Measuring Housing Policy Preferences
Exploratory Factor Analysis Over Housing Policy Items.
Notes. Item text starts with “The government should…”. Response scale from 1 = “oppose completely” to 5 = “support completely”. Exploratory Factor Analysis with oblique rotation. Loadings smaller than −0.5 and larger than 0.5 in bold.
The resulting index variables of housing policy preferences are thus conceptually similar to Ansell and Cansunar’s (2021, p. 599), who define it as “attitudes to government intervention in the housing market in order to make housing more affordable (by subsidizing either housing construction or providing resources to citizens to help them afford housing)”. But our measures also improve upon existing work by distinguishing between renter and homeowner support and by including more fine-grained items that cover a range of specific policy measures that other studies have not yet captured. 21
Descriptive Findings: Cross-National Variation in Housing Policy Preferences
Figure 4 visualizes the mean values for our three housing policy preference variables: support for policies restraining housing markets and prices as well as the two scales of homeowner-oriented and renter-oriented policies. In general, the results show that German voters have more favorable attitudes towards government interventions that make housing more affordable than British voters, which is line with H2.
22
Housing policy preferences by country and housing tenure. Variables rescaled ranging from 0 to 1. Lower scores in the left panel represent support for stimulating housing markets and prices, while higher scores mean support for cooling housing markets and prices.

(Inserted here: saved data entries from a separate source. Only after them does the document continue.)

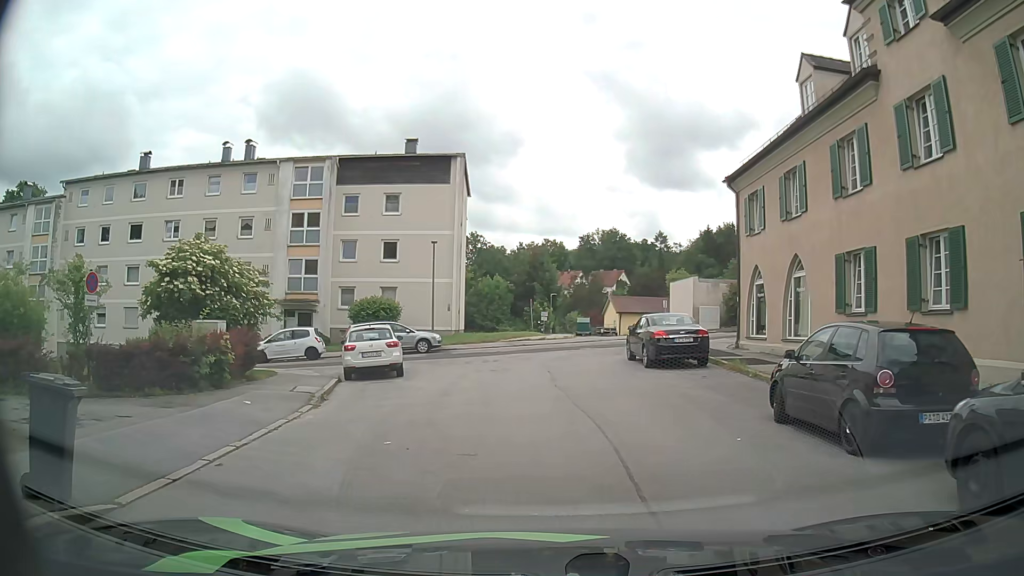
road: residential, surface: asphalt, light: Day
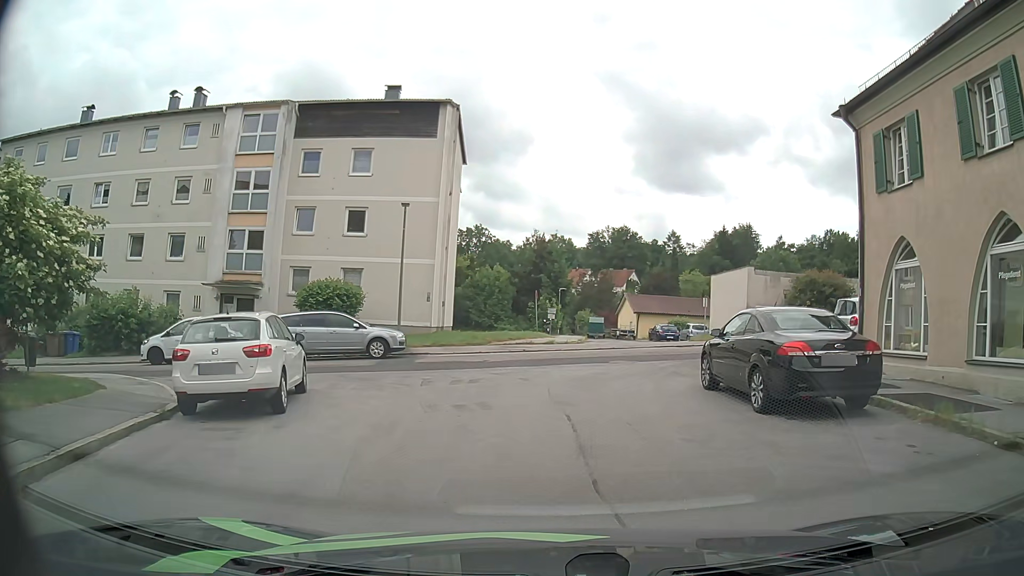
(-0.1, +9.2) m; +1°
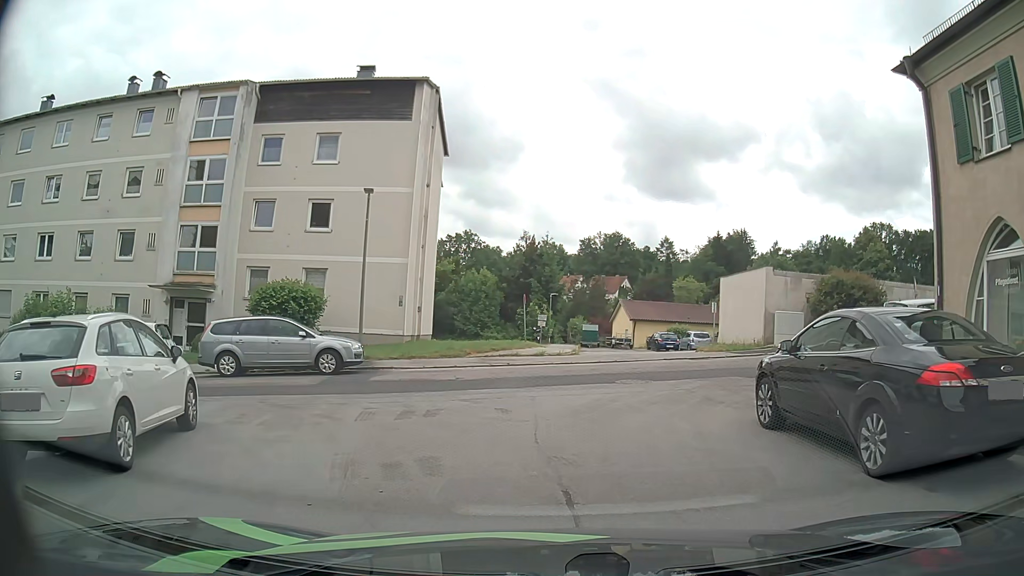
(0.0, +3.8) m; -1°
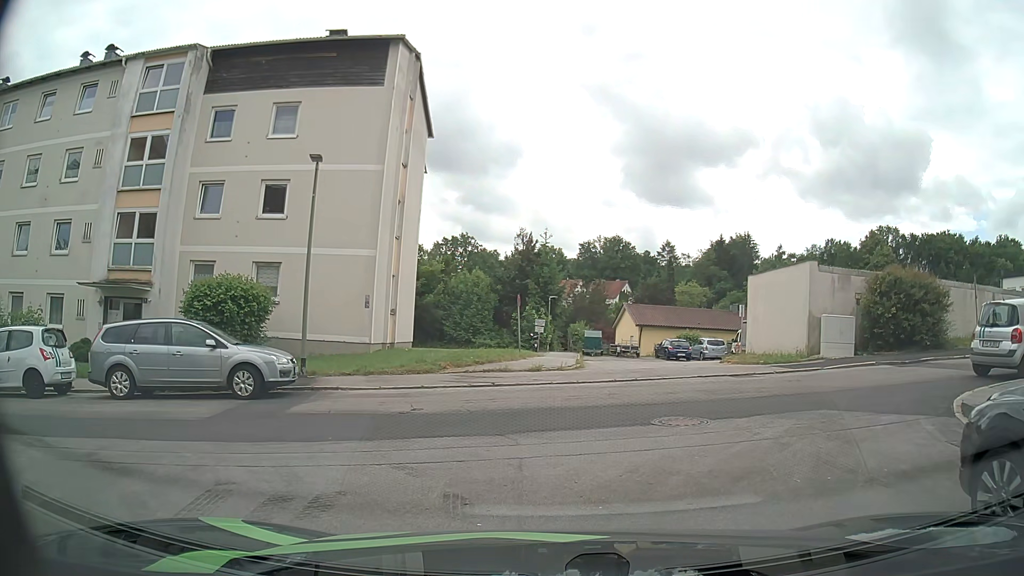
(+0.1, +4.7) m; +1°

Figure 4 (left panel) indicates, first, that German voters are more supportive of government interventions that restrain housing markets and prices (higher scores) than British voters. Even German homeowners have a slight preference for deflating measures that would restrain house prices, while British homeowners have a slight preference for stimulative measures that would boost house prices. Both countries’ renters have a strong preference for deflating measures that would dampen prices, although German renters show higher values compared to British ones.
Second, German voters show higher average scores regarding both owner- and renter-oriented policies. In terms of owner-oriented policies, British homeowners show the lowest levels of support for policies aiming at affordable homeownership among all groups, likely because they view restricting access to homeownership as protecting their property values on which they depend in the context of ungenerous public pensions and liberal welfare (see Figure 4, middle panel). In contrast, German homeowners are significantly more supportive of making homeownership affordable, likely because they have fewer incentives to boost property values through restricting access to homeownership. Renters in both countries show similarly high levels of support for owner-oriented policies, likely because many of them are aspiring homeowners or know people who are.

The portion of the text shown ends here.